In my opinion, the show in Brussel was the best of the three shows I attended, even if the amazing city and the cheap beer probably influence my judgement… The venue is one of the best I’ve ever been too, the quality of the sound is amazing and the setting is great. The venue is neither too big nor too small and you can stand on two balconies if you want to have a good look at the stage. I totally understand why Lanegan always plays there when he tours Europe, he seems to love it and the feeling is mutual as on the venue’s website, they refer to Lanegan as their “favourite artist”. Once more the show was sold out, but we easily found a spot against the stage as many people were staying in the bar area. This time Duke Garwood was playing alone and I actually prefered his performance like that, it made for a more intimate show and the crowd seemed to enjoy it. Lanegan went onstage right on time and, once more When your number isn’t up proved to be the perfect song to begin the show, everybody went silent and I didn’t hear a word during the whole show. The set list was basically the same as in London except for the encore. When the show ended, the light went on and the house music went on again but the audience cheered so much that the roadies ended up leaving the stage. After more than five minutes of loud cheering, Lanegan and Rosser had to come back onstage for a second encore. They seemed pretty happy about it and this time, they played two songs: Field Song and Shanty’man life. They both thanked the crowd and unfortunately, this time, they left for good. There are no words to describe how great this show was, god knows I attend a lot of shows, but this one felt pretty special. That’s also the only show where there was a full merchandising with the Live at Leeds CD but also all his other albums, hoodies and shirts I had never seen before for both men and women.
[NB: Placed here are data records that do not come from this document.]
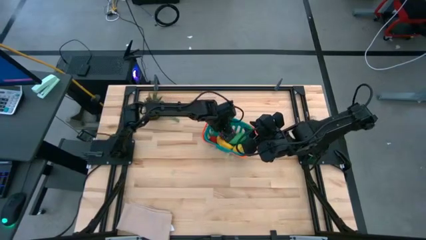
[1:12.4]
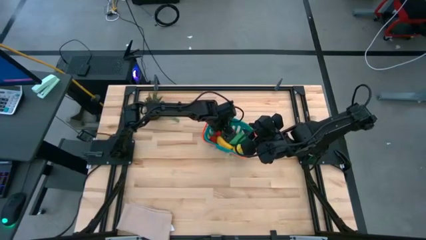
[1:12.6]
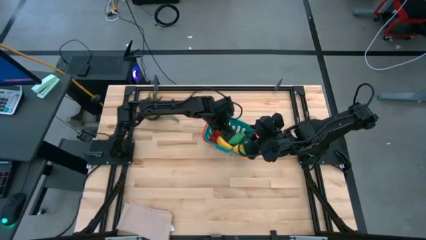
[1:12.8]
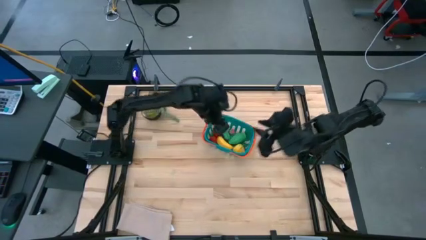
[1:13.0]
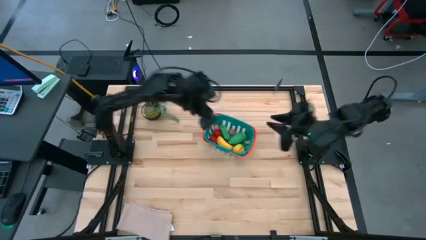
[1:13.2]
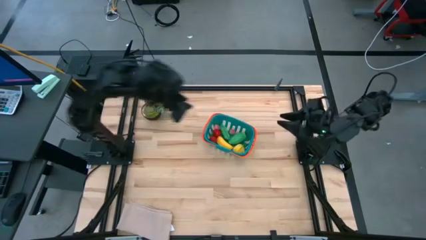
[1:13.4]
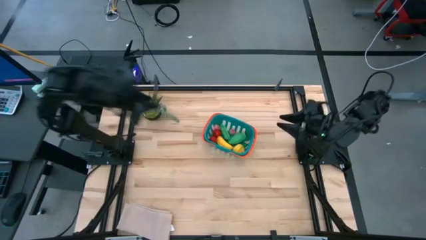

The show in Berlin was pretty similar. The venue was packed and we had to go there early to buy one of the last tickets that was on sale that night. I missed most of Duke Garwood’s performance as I arrived during the last song, but as people were staying at the bar, once more, I managed to stand near the stage. There were no major changes in the set list and people were pretty respectful except for some guys near the bar that kept chatting until they were told off by someone. The show was great but felt very short, even though the crowd kept cheering for a long time, they didn’t come back for a second encore (I was getting used to them!) that’s why I probably felt like it could have been longer. The merchandising was stripped down to the Live CDs and, as I bought several of them for people on the board, the guy made me swear that I wasn’t gonna sell them on Ebay! It felt weird that it was my last show on this tour as I had gotten used to the routine of seeing them every other days. I strongly encourage anyone to attend at least one show if they have the opportunity, I don’t think it could be any better, I was a bit disappointed when I heard the shows were acoustic but it turns out that it’s the best way to see a singer like Lanegan, even if he’s not quite the showman, his voice is enough to make it an amazing performance.

review by GLT
Mark Lanegan- Solo Acoustic Tour 2010, Hamburg, Germany, Uebel & Gefaehrlich
Saturday 8th May 2010

Firstly, before I start this review, I’ll apologise in advance if the set-list is slightly incorrect. I’m working from memory a few days after the concert and a combination of the atmosphere and alcohol may mean that my recollection of the song order is not 100%.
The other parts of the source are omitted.